### Exercise instructions
Below are records to give again exactly; omit each image they contain.

Stored entries:
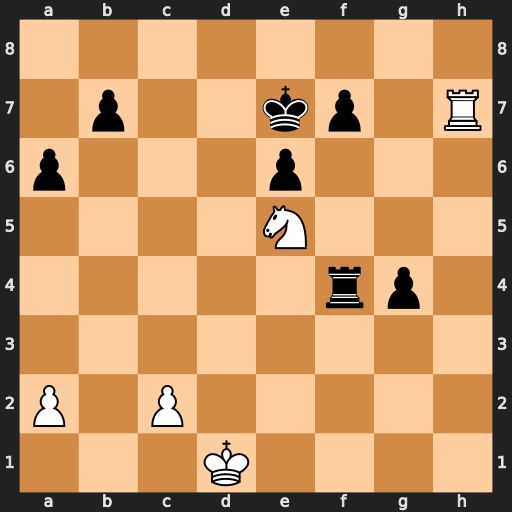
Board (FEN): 8/1p2kp1R/p3p3/4N3/5rp1/8/P1P5/3K4
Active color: w
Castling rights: -
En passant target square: -
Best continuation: Ng6+ Kf6 Nxf4
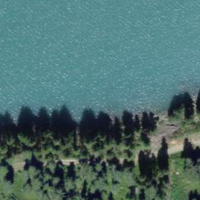
EUNIS habitat code: 48
Species observed at this site:
Vaccinium myrtillus
Vaccinium vitis-idaea
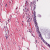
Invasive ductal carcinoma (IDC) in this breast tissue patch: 1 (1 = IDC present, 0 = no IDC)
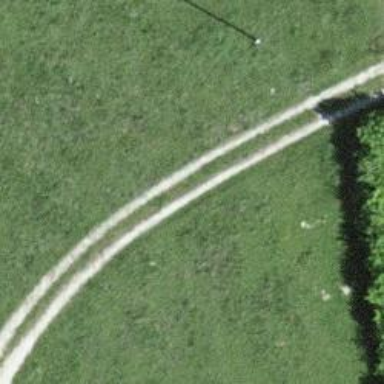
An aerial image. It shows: Track with grade 3 tracktype.
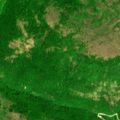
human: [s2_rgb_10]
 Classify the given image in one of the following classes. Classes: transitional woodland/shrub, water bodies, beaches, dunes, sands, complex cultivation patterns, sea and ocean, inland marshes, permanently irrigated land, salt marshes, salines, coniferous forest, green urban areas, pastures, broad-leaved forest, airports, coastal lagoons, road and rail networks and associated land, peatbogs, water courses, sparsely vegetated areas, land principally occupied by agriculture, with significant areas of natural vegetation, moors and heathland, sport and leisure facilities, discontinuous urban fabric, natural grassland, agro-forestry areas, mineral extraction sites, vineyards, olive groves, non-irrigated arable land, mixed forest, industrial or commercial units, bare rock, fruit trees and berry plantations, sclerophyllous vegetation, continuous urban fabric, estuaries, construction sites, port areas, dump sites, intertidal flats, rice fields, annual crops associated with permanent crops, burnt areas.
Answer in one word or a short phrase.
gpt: complex cultivation patterns, broad-leaved forest, natural grassland, transitional woodland/shrub
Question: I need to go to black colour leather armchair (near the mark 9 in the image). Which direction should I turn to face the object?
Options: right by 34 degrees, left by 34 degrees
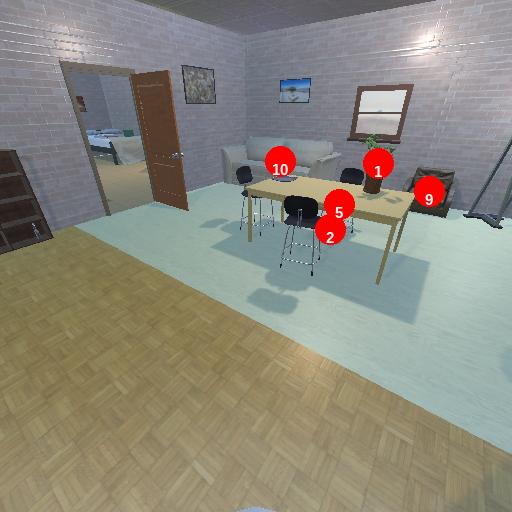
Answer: right by 34 degrees
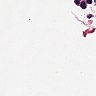
Metastatic tissue present: no
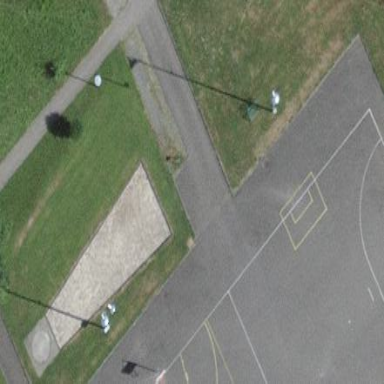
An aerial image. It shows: Park.
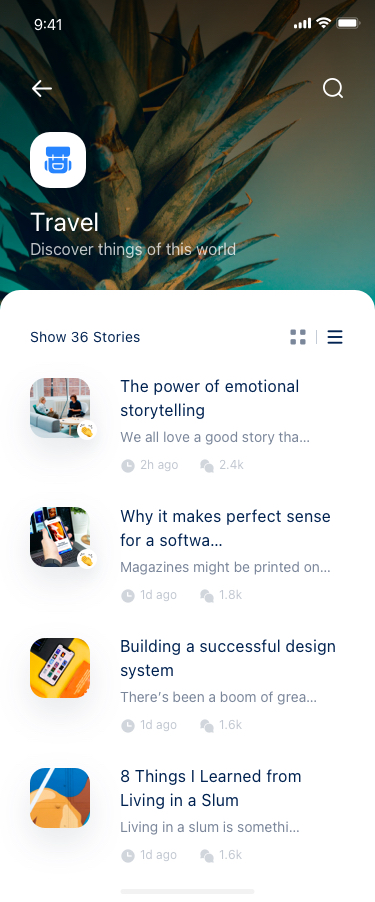
Text in this UI design:
Travel
Discover things of this world
Show 36 Stories
👏
The power of emotional storytelling
We all love a good story tha…
2h ago
2.4k
👏
Why it makes perfect sense for a softwa…
Magazines might be printed on…
1d ago
1.8k
👏
Building a successful design system
There’s been a boom of grea…
1d ago
1.6k
👏
8 Things I Learned from Living in a Slum
Living in a slum is somethi…
1d ago
1.6k
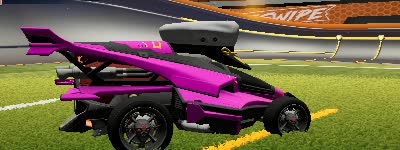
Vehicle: aftershock

### Task solution
Board (FEN): 8/1p2kp1R/p3p3/4N3/5rp1/8/P1P5/3K4
Active color: w
Castling rights: -
En passant target square: -
Best continuation: Ng6+ Kf6 Nxf4
EUNIS habitat code: 48
Species observed at this site:
Vaccinium myrtillus
Vaccinium vitis-idaea
Invasive ductal carcinoma (IDC) in this breast tissue patch: 1 (1 = IDC present, 0 = no IDC)
An aerial image. It shows: Track with grade 3 tracktype.
human: [s2_rgb_10]
 Classify the given image in one of the following classes. Classes: transitional woodland/shrub, water bodies, beaches, dunes, sands, complex cultivation patterns, sea and ocean, inland marshes, permanently irrigated land, salt marshes, salines, coniferous forest, green urban areas, pastures, broad-leaved forest, airports, coastal lagoons, road and rail networks and associated land, peatbogs, water courses, sparsely vegetated areas, land principally occupied by agriculture, with significant areas of natural vegetation, moors and heathland, sport and leisure facilities, discontinuous urban fabric, natural grassland, agro-forestry areas, mineral extraction sites, vineyards, olive groves, non-irrigated arable land, mixed forest, industrial or commercial units, bare rock, fruit trees and berry plantations, sclerophyllous vegetation, continuous urban fabric, estuaries, construction sites, port areas, dump sites, intertidal flats, rice fields, annual crops associated with permanent crops, burnt areas.
Answer in one word or a short phrase.
gpt: complex cultivation patterns, broad-leaved forest, natural grassland, transitional woodland/shrub
Question: I need to go to black colour leather armchair (near the mark 9 in the image). Which direction should I turn to face the object?
Options: right by 34 degrees, left by 34 degrees
Answer: right by 34 degrees
Metastatic tissue present: no
An aerial image. It shows: Park.
Text in this UI design:
Travel
Discover things of this world
Show 36 Stories
👏
The power of emotional storytelling
We all love a good story tha…
2h ago
2.4k
👏
Why it makes perfect sense for a softwa…
Magazines might be printed on…
1d ago
1.8k
👏
Building a successful design system
There’s been a boom of grea…
1d ago
1.6k
👏
8 Things I Learned from Living in a Slum
Living in a slum is somethi…
1d ago
1.6k
Vehicle: aftershock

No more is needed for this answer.